Mandatory security awareness training for employees can help them to recognize a range of cyber attacks that they can play a part in preventing or detecting. This can include topics such as phishing, social engineering, and data classification, amongst others.

PV016Enforce a Data Classification Policy

A Data Classification Policy establishes a standard for handling data by setting out criteria for how data should be classified and subsequently managed and secured. A classification can be applied to data in such a way that the classification is recorded in the body of the data (such as a footer in a text document) and/or within the metadata of a file.

PV003Enforce an Acceptable Use Policy

An Acceptable Use Policy (AUP) is a set of rules outlining acceptable and unacceptable uses of an organization's computer systems and network resources. It acts as a deterrent to prevent employees from conducting illegitimate activities by clearly defining expectations, reinforcing legal and ethical standards, establishing accountability, specifying consequences for violations, and promoting education and awareness about security risks.

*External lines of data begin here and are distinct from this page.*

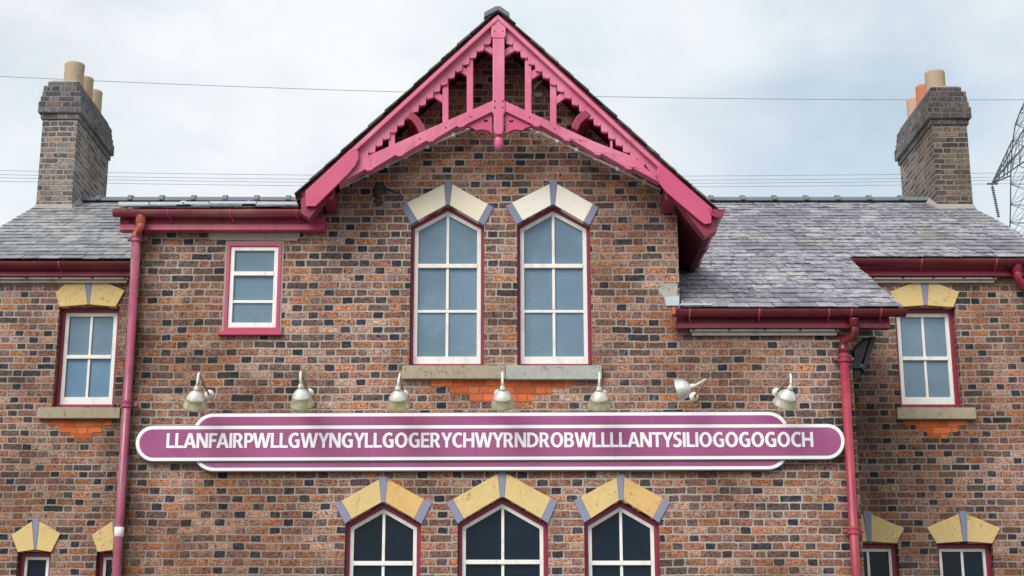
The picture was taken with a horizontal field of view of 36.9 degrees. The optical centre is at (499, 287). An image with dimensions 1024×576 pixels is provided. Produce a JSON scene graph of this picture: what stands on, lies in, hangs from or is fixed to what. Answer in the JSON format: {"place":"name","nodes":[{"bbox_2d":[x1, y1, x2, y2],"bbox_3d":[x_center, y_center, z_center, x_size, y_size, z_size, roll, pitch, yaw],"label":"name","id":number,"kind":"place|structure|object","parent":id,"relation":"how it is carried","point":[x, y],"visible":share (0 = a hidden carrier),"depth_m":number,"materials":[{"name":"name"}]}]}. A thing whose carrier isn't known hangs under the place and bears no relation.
{"place":"outdoors","nodes":[
{"label":"outdoors","id":0,"kind":"place"},
{"bbox_2d":[0,76,903,99],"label":"power line","id":1,"kind":"object","parent":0,"point":[395,91],"visible":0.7,"depth_m":95.99,"materials":[{"name":"metal"}]},
{"bbox_2d":[0,0,1023,236],"label":"sky","id":2,"kind":"structure","parent":0,"point":[776,54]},
{"bbox_2d":[987,103,1023,236],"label":"electricity pylon","id":3,"kind":"object","parent":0,"point":[1007,163],"visible":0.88,"depth_m":115.86,"materials":[{"name":"metal"}]},
{"bbox_2d":[0,174,984,179],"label":"power line","id":4,"kind":"object","parent":3,"relation":"attached to","point":[769,179],"visible":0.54,"depth_m":94.59,"materials":[{"name":"metal"}]},
{"bbox_2d":[27,178,995,183],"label":"power line","id":5,"kind":"object","parent":3,"relation":"attached to","point":[691,183],"visible":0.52,"depth_m":94.54,"materials":[{"name":"metal"}]},
{"bbox_2d":[0,170,1023,175],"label":"power line","id":6,"kind":"object","parent":3,"relation":"attached to","point":[751,175],"visible":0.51,"depth_m":94.65,"materials":[{"name":"metal"}]},
{"bbox_2d":[3,181,1023,186],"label":"power line","id":7,"kind":"object","parent":3,"relation":"attached to","point":[705,186],"visible":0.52,"depth_m":94.48,"materials":[{"name":"metal"}]},
{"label":"pavement","id":8,"kind":"structure","parent":0,"visible":0},
{"bbox_2d":[0,6,1023,575],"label":"station building","id":9,"kind":"structure","parent":8,"relation":"on","point":[464,270],"depth_m":15.34,"materials":[{"name":"brick"}]},
{"bbox_2d":[12,519,60,575],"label":"window","id":10,"kind":"structure","parent":9,"relation":"in","point":[36,535],"depth_m":16.70,"materials":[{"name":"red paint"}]},
{"bbox_2d":[0,277,128,282],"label":"eaves strip light","id":11,"kind":"object","parent":9,"relation":"attached to","point":[63,279],"visible":0.87,"depth_m":17.34,"materials":[{"name":"beige plastic"}]},
{"bbox_2d":[37,283,124,418],"bbox_3d":[-4.647,0.710,17.275,0.908,1.569,0.270,0,-14,0],"label":"window","id":12,"kind":"structure","parent":9,"relation":"in","point":[86,372],"depth_m":17.33,"materials":[{"name":"red paint"}]},
{"bbox_2d":[92,519,114,575],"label":"window","id":13,"kind":"structure","parent":9,"relation":"in","point":[103,538],"depth_m":16.70,"materials":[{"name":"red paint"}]},
{"bbox_2d":[183,372,213,411],"bbox_3d":[-2.885,1.035,14.733,0.232,0.388,0.540,0,-14,0],"label":"gooseneck wall lamp","id":14,"kind":"object","parent":9,"relation":"attached to","point":[195,400],"visible":1,"depth_m":14.49,"materials":[{"name":"metal"}]},
{"bbox_2d":[209,233,299,335],"bbox_3d":[-2.454,-0.038,15.297,0.913,1.064,0.148,0,-14,0],"label":"window","id":15,"kind":"structure","parent":9,"relation":"in","point":[253,271],"depth_m":15.31,"materials":[{"name":"paint"}]},
{"bbox_2d":[290,371,313,409],"bbox_3d":[-1.872,1.022,14.736,0.234,0.385,0.540,0,-14,0],"label":"gooseneck wall lamp","id":16,"kind":"object","parent":9,"relation":"attached to","point":[301,399],"visible":1,"depth_m":14.49,"materials":[{"name":"metal"}]},
{"bbox_2d":[335,477,431,575],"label":"window","id":17,"kind":"structure","parent":9,"relation":"in","point":[383,541],"depth_m":14.75,"materials":[{"name":"red paint"}]},
{"bbox_2d":[373,182,401,206],"bbox_3d":[-1.131,-0.934,15.425,0.292,0.263,0.176,0,-14,0],"label":"lamp","id":18,"kind":"object","parent":9,"relation":"attached to","point":[379,189],"visible":1,"depth_m":15.40,"materials":[{"name":"black metal"}]},
{"bbox_2d":[387,373,410,410],"bbox_3d":[-0.954,1.036,14.732,0.234,0.377,0.541,0,-14,0],"label":"gooseneck wall lamp","id":19,"kind":"object","parent":9,"relation":"attached to","point":[398,400],"visible":1,"depth_m":14.49,"materials":[{"name":"metal"}]},
{"bbox_2d":[339,128,469,191],"bbox_3d":[-0.953,-1.291,15.509,1.305,0.662,0.180,0,-14,0],"label":"rope light","id":20,"kind":"object","parent":9,"relation":"attached to","point":[453,135],"visible":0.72,"depth_m":15.44,"materials":[{"name":"beige plastic"}]},
{"bbox_2d":[401,181,504,379],"bbox_3d":[-0.467,-0.074,15.352,1.052,2.044,0.255,0,-14,0],"label":"window","id":21,"kind":"structure","parent":9,"relation":"in","point":[447,298],"depth_m":15.40,"materials":[{"name":"red paint"}]},
{"bbox_2d":[135,411,844,471],"bbox_3d":[-0.088,1.483,14.834,6.842,0.589,0.070,0,-14,0],"label":"station name sign","id":22,"kind":"object","parent":9,"relation":"attached to","point":[497,441],"visible":1,"depth_m":14.80,"materials":[{"name":"purple metal"}]},
{"bbox_2d":[446,472,556,575],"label":"window","id":23,"kind":"structure","parent":9,"relation":"in","point":[501,539],"depth_m":14.76,"materials":[{"name":"red paint"}]},
{"bbox_2d":[491,371,514,410],"bbox_3d":[0.033,1.028,14.734,0.234,0.384,0.541,0,-14,0],"label":"gooseneck wall lamp","id":24,"kind":"object","parent":9,"relation":"attached to","point":[502,400],"visible":1,"depth_m":14.49,"materials":[{"name":"metal"}]},
{"bbox_2d":[533,81,541,96],"bbox_3d":[0.396,-2.044,15.778,0.104,0.180,0.008,0,-14,0],"label":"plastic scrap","id":25,"kind":"object","parent":9,"relation":"attached to","point":[537,94],"visible":1,"depth_m":15.76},
{"bbox_2d":[506,181,601,380],"bbox_3d":[0.531,-0.071,15.351,0.939,2.050,0.255,0,-14,0],"label":"window","id":26,"kind":"structure","parent":9,"relation":"in","point":[554,291],"depth_m":15.40,"materials":[{"name":"red paint"}]},
{"bbox_2d":[529,128,660,192],"bbox_3d":[0.959,-1.284,15.508,1.317,0.675,0.180,0,-14,0],"label":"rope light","id":27,"kind":"object","parent":9,"relation":"attached to","point":[643,181],"visible":0.91,"depth_m":15.43,"materials":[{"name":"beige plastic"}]},
{"bbox_2d":[588,372,611,411],"bbox_3d":[0.954,1.034,14.732,0.234,0.384,0.541,0,-14,0],"label":"gooseneck wall lamp","id":28,"kind":"object","parent":9,"relation":"attached to","point":[599,401],"visible":1,"depth_m":14.49,"materials":[{"name":"metal"}]},
{"bbox_2d":[574,474,669,575],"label":"window","id":29,"kind":"structure","parent":9,"relation":"in","point":[620,540],"depth_m":14.76,"materials":[{"name":"red paint"}]},
{"bbox_2d":[674,378,705,401],"bbox_3d":[1.856,0.989,14.725,0.246,0.250,0.603,-6,-16,24],"label":"gooseneck wall lamp","id":30,"kind":"object","parent":9,"relation":"attached to","point":[683,388],"visible":1,"depth_m":14.53,"materials":[{"name":"metal"}]},
{"bbox_2d":[690,328,838,335],"bbox_3d":[2.606,0.435,15.103,1.460,0.061,0.075,0,-14,0],"label":"eaves strip light","id":31,"kind":"object","parent":9,"relation":"attached to","point":[764,332],"visible":1,"depth_m":15.10,"materials":[{"name":"beige plastic"}]},
{"bbox_2d":[772,373,796,410],"bbox_3d":[2.706,1.035,14.732,0.228,0.363,0.541,0,-14,0],"label":"gooseneck wall lamp","id":32,"kind":"object","parent":9,"relation":"attached to","point":[784,399],"visible":1,"depth_m":14.49,"materials":[{"name":"metal"}]},
{"bbox_2d":[852,336,875,381],"bbox_3d":[3.615,0.733,15.345,0.248,0.460,0.330,0,-14,0],"label":"floodlight","id":33,"kind":"object","parent":9,"relation":"attached to","point":[862,350],"visible":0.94,"depth_m":15.23,"materials":[{"name":"black metal"}]},
{"bbox_2d":[861,511,903,575],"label":"window","id":34,"kind":"structure","parent":9,"relation":"in","point":[879,559],"depth_m":16.74,"materials":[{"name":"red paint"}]},
{"bbox_2d":[890,283,975,419],"bbox_3d":[4.830,0.707,17.276,0.870,1.590,0.270,0,-14,0],"label":"window","id":35,"kind":"structure","parent":9,"relation":"in","point":[925,338],"depth_m":17.32,"materials":[{"name":"red paint"}]},
{"bbox_2d":[871,277,996,282],"bbox_3d":[4.897,-0.089,17.352,1.428,0.061,0.075,0,-14,0],"label":"eaves strip light","id":36,"kind":"object","parent":9,"relation":"attached to","point":[933,279],"visible":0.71,"depth_m":17.34,"materials":[{"name":"beige plastic"}]},
{"bbox_2d":[927,511,999,575],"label":"window","id":37,"kind":"structure","parent":9,"relation":"in","point":[953,559],"depth_m":16.73,"materials":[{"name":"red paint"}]}
]}

PV001No Ready System-Level Mitigation

This section cannot be readily mitigated at a system level with preventive controls since it is based on the abuse of fundamental features of the system.

Detection

ID Name Description
DT048Data Loss Prevention Solution

A Data Loss Prevention (DLP) solution refers to policies, technologies, and controls that prevent the accidental and/or deliberate loss, misuse, or theft of data by members of an organization. Typically, DLP technology would take the form of a software agent installed on organization endpoints (such as laptops and servers).

 

Typical DLP technology will alert on the potential loss of data, or activity which might indicate the potential for data loss. A DLP technology may also provide automated responses to prevent data loss on a device.